* _DATA SUPPLIED_
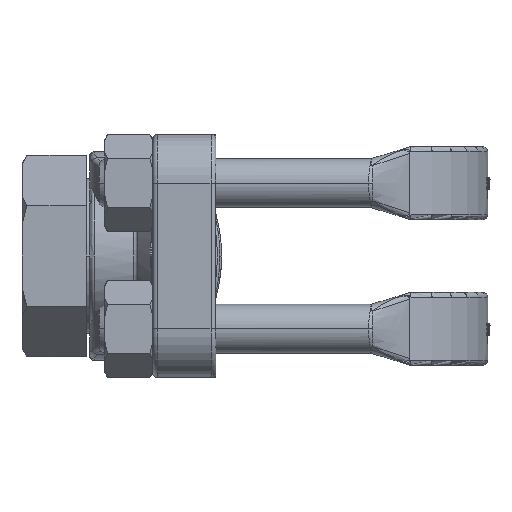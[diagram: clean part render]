
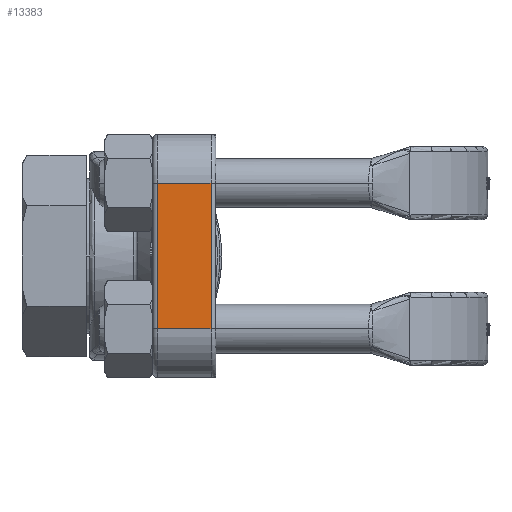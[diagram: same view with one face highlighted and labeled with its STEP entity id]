
A CAD part, left-side view. The second image highlights one B-rep face of the part: STEP entity #13383.
In plain terms, the highlighted planar face has unit normal (-1, 0, 0).
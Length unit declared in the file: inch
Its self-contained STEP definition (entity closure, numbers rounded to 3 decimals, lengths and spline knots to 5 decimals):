
#3968=DIRECTION('',(0.,0.,1.));
#3969=VECTOR('',#3968,1.875);
#3970=CARTESIAN_POINT('',(-2.875,0.7505,-0.9375));
#3971=LINE('',#3970,#3969);
#3972=DIRECTION('',(0.,1.,0.));
#3973=VECTOR('',#3972,0.6885);
#3974=CARTESIAN_POINT('',(-2.875,0.062,0.9375));
#3975=LINE('',#3974,#3973);
#3976=DIRECTION('',(0.,0.,-1.));
#3977=VECTOR('',#3976,1.875);
#3978=CARTESIAN_POINT('',(-2.875,0.062,0.9375));
#3979=LINE('',#3978,#3977);
#3980=DIRECTION('',(0.,1.,0.));
#3981=VECTOR('',#3980,0.6885);
#3982=CARTESIAN_POINT('',(-2.875,0.062,-0.9375));
#3983=LINE('',#3982,#3981);
#6765=CARTESIAN_POINT('',(-2.875,0.7505,-0.9375));
#6766=VERTEX_POINT('',#6765);
#6769=CARTESIAN_POINT('',(-2.875,0.7505,0.9375));
#6770=VERTEX_POINT('',#6769);
#6923=CARTESIAN_POINT('',(-2.875,0.062,-0.9375));
#6924=VERTEX_POINT('',#6923);
#6927=CARTESIAN_POINT('',(-2.875,0.062,0.9375));
#6928=VERTEX_POINT('',#6927);
#13370=CARTESIAN_POINT('',(-2.875,0.,-1.5625));
#13371=DIRECTION('',(-1.,0.,0.));
#13372=DIRECTION('',(0.,0.,1.));
#13373=AXIS2_PLACEMENT_3D('',#13370,#13371,#13372);
#13374=PLANE('',#13373);
#13375=ORIENTED_EDGE('',*,*,#11646,.T.);
#13377=ORIENTED_EDGE('',*,*,#13376,.F.);
#13379=ORIENTED_EDGE('',*,*,#13378,.T.);
#13380=ORIENTED_EDGE('',*,*,#13362,.T.);
#13381=EDGE_LOOP('',(#13375,#13377,#13379,#13380));
#13382=FACE_OUTER_BOUND('',#13381,.F.);
#11646=EDGE_CURVE('',#6766,#6770,#3971,.T.);
#13362=EDGE_CURVE('',#6924,#6766,#3983,.T.);
#13376=EDGE_CURVE('',#6928,#6770,#3975,.T.);
#13378=EDGE_CURVE('',#6928,#6924,#3979,.T.);
#13383=ADVANCED_FACE('',(#13382),#13374,.T.);

* _EXERCISE DESCRIPTION_
Your answer should be the lines from the one that contains "#11646=EDGE_CURVE('',#6766,#6770,#3971,.T.);" through the last line of the material, copied exactly.

* _OUTPUT BELOW_
#11646=EDGE_CURVE('',#6766,#6770,#3971,.T.);
#13362=EDGE_CURVE('',#6924,#6766,#3983,.T.);
#13376=EDGE_CURVE('',#6928,#6770,#3975,.T.);
#13378=EDGE_CURVE('',#6928,#6924,#3979,.T.);
#13383=ADVANCED_FACE('',(#13382),#13374,.T.);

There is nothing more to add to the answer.